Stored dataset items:
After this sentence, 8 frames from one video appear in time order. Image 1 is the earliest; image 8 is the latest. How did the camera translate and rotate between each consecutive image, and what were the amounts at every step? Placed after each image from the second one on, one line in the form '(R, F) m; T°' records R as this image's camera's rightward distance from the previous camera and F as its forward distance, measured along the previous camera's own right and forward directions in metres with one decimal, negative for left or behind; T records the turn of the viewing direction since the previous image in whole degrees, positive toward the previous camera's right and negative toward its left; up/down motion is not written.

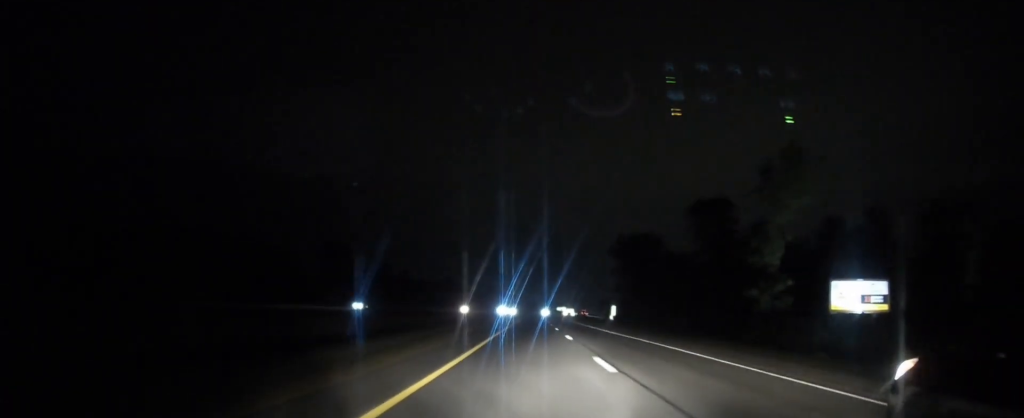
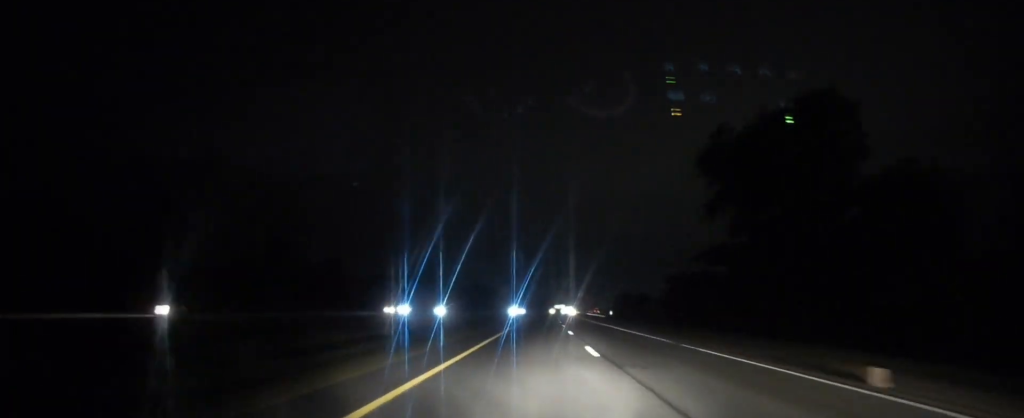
(+1.0, +100.0) m; +1°
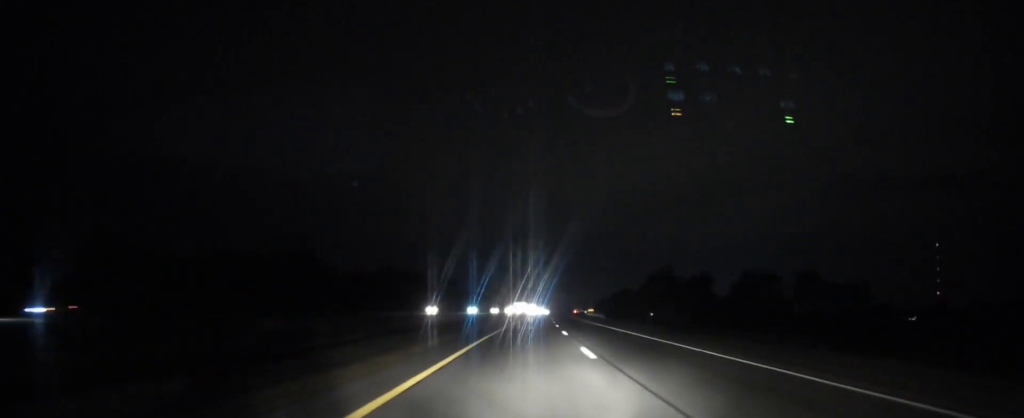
(+3.5, +158.5) m; +3°
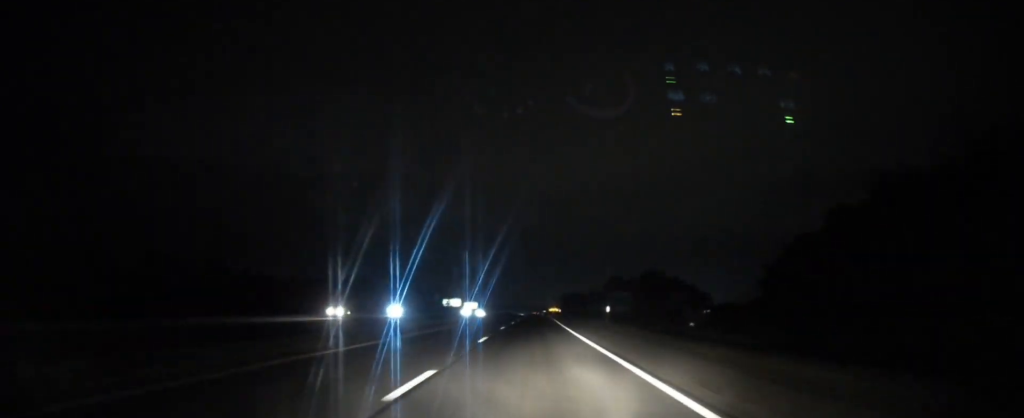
(+9.7, +258.9) m; +3°
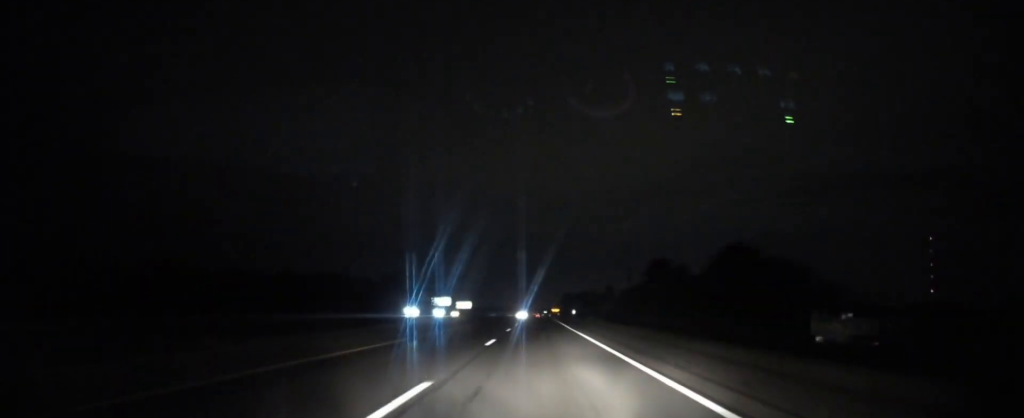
(+0.3, +64.4) m; 0°
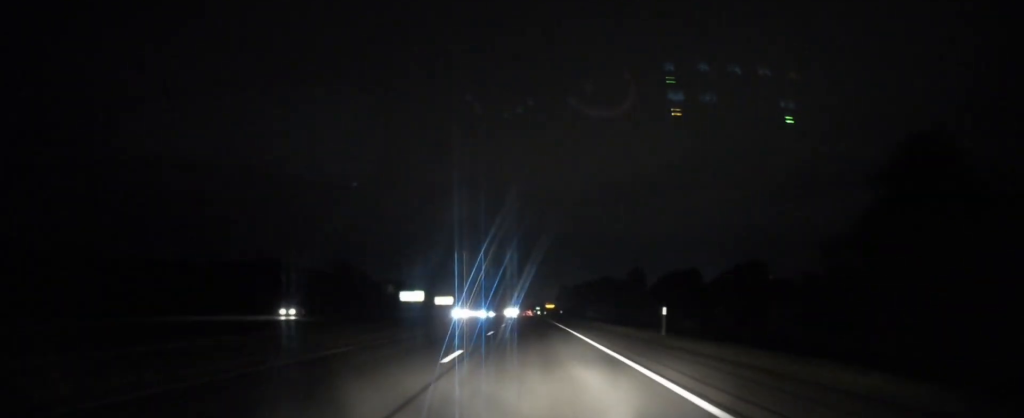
(+0.2, +116.8) m; 0°
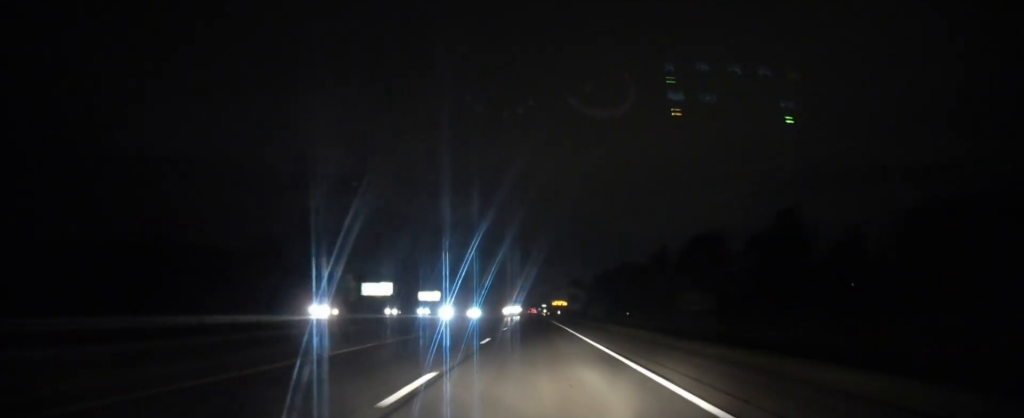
(0.0, +150.9) m; 0°
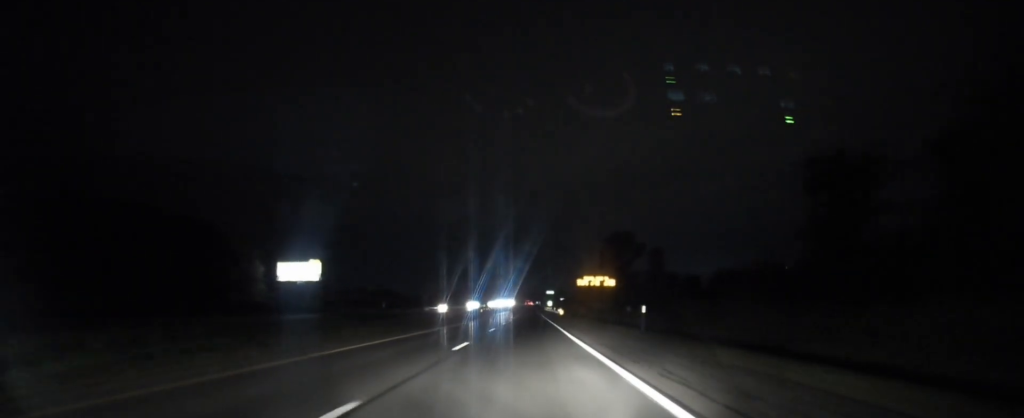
(+0.2, +233.1) m; 0°
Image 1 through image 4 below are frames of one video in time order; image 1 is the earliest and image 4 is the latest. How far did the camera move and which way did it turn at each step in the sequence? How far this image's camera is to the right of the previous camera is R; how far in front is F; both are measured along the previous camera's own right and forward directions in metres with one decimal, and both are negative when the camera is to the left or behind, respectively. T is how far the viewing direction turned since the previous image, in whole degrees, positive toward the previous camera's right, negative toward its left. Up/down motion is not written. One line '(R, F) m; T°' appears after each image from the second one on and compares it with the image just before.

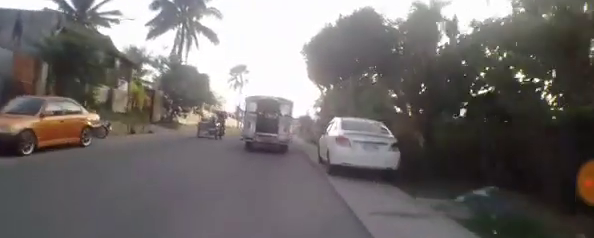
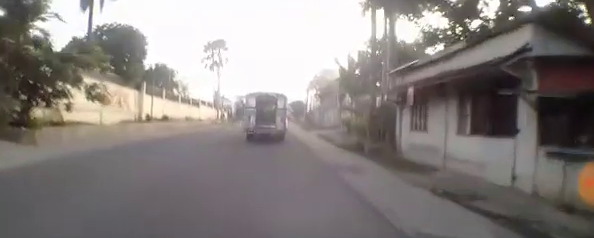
(+0.8, +15.8) m; +6°
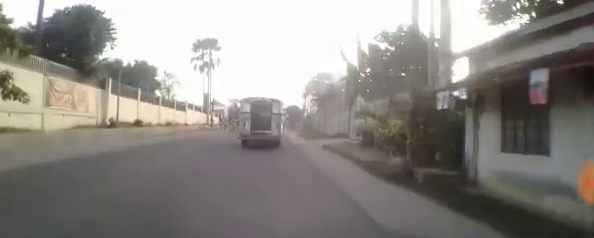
(+0.1, +4.6) m; 0°
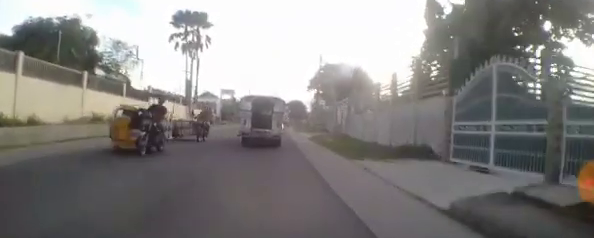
(-0.1, +11.8) m; -1°
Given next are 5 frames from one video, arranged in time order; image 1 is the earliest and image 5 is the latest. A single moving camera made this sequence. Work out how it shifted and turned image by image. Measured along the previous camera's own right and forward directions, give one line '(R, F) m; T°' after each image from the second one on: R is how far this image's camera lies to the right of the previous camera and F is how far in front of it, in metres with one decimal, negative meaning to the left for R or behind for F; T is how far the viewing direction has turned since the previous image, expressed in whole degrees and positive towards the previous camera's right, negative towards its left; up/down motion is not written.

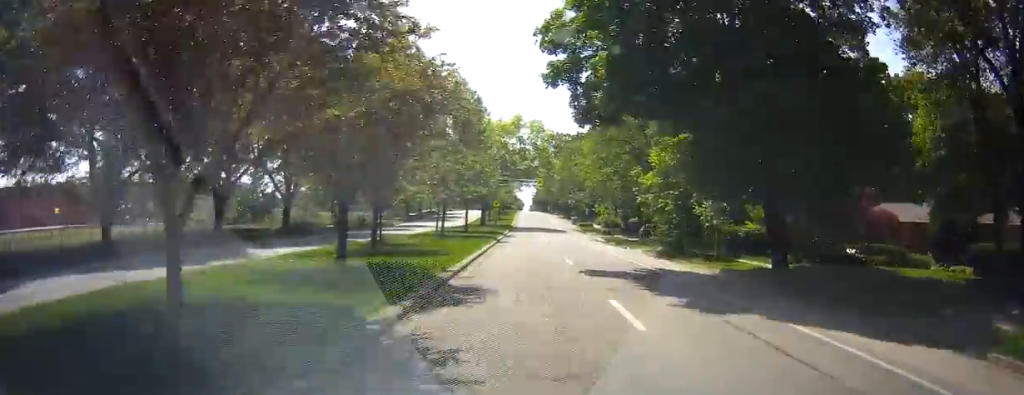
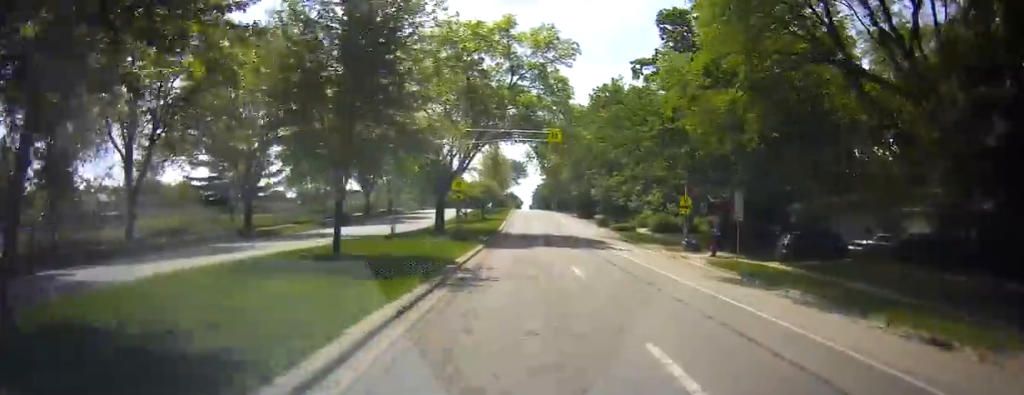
(+2.1, +40.7) m; +3°
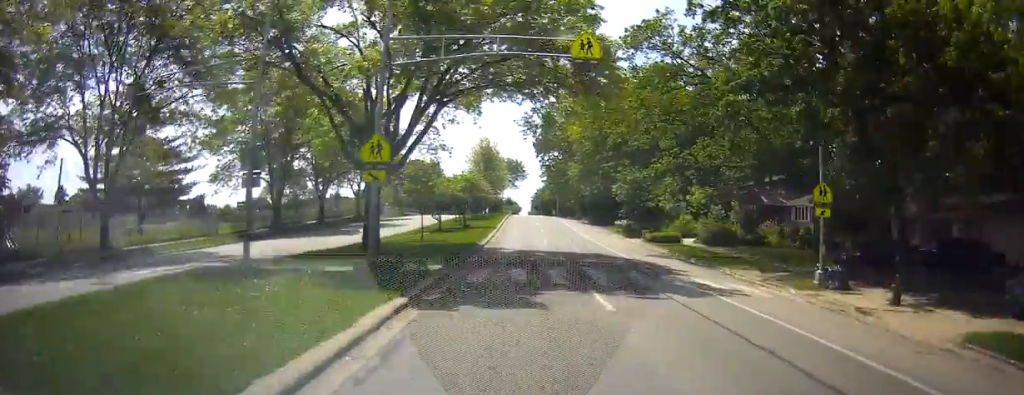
(-0.2, +18.3) m; 0°
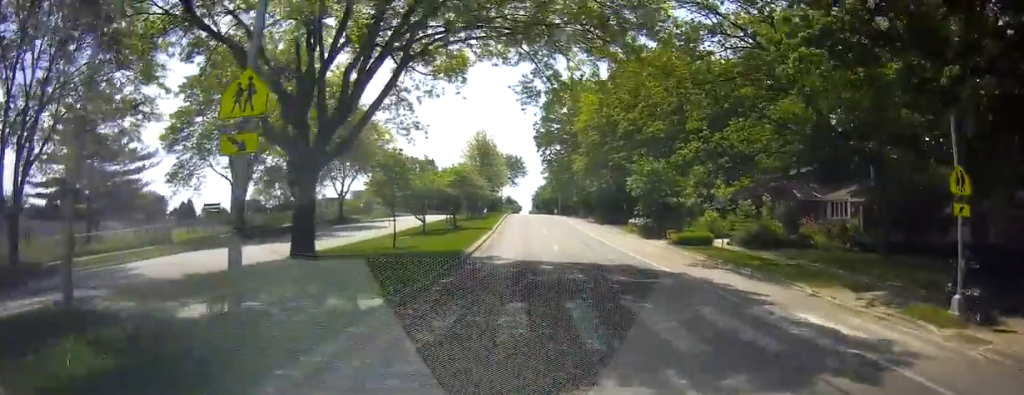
(-0.1, +7.4) m; 0°
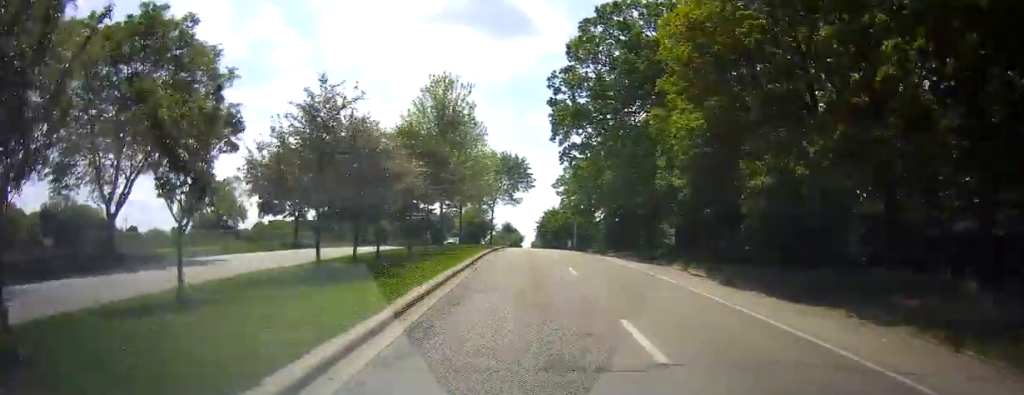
(-0.6, +44.0) m; -1°

◆ **THE TASK**
The answer is the entries above, given again exactly, with no pictures among them.

◆ **SOLUTION FOR THIS PROBLEM**
After this sentence, 8 frames from one video appear in time order. Image 1 is the earliest; image 8 is the latest. How did the camera translate and rotate between each consecutive image, and what were the amounts at every step? Placed after each image from the second one on, one line in the form '(R, F) m; T°' records R as this image's camera's rightward distance from the previous camera and F as its forward distance, measured along the previous camera's own right and forward directions in metres with one decimal, negative for left or behind; T records the turn of the viewing direction since the previous image in whole degrees, positive toward the previous camera's right and negative toward its left; up/down motion is not written.

(+1.0, +100.0) m; +1°
(+3.5, +158.5) m; +3°
(+9.7, +258.9) m; +3°
(+0.3, +64.4) m; 0°
(+0.2, +116.8) m; 0°
(0.0, +150.9) m; 0°
(+0.2, +233.1) m; 0°
Image 1 through image 4 below are frames of one video in time order; image 1 is the earliest and image 4 is the latest. How far did the camera move and which way did it turn at each step in the sequence? How far this image's camera is to the right of the previous camera is R; how far in front is F; both are measured along the previous camera's own right and forward directions in metres with one decimal, and both are negative when the camera is to the left or behind, respectively. T is how far the viewing direction turned since the previous image, in whole degrees, positive toward the previous camera's right, negative toward its left. Up/down motion is not written. One line '(R, F) m; T°' appears after each image from the second one on and compares it with the image just before.

(+0.8, +15.8) m; +6°
(+0.1, +4.6) m; 0°
(-0.1, +11.8) m; -1°
Given next are 5 frames from one video, arranged in time order; image 1 is the earliest and image 5 is the latest. A single moving camera made this sequence. Work out how it shifted and turned image by image. Measured along the previous camera's own right and forward directions, give one line '(R, F) m; T°' after each image from the second one on: R is how far this image's camera lies to the right of the previous camera and F is how far in front of it, in metres with one decimal, negative meaning to the left for R or behind for F; T is how far the viewing direction has turned since the previous image, expressed in whole degrees and positive towards the previous camera's right, negative towards its left; up/down motion is not written.

(+2.1, +40.7) m; +3°
(-0.2, +18.3) m; 0°
(-0.1, +7.4) m; 0°
(-0.6, +44.0) m; -1°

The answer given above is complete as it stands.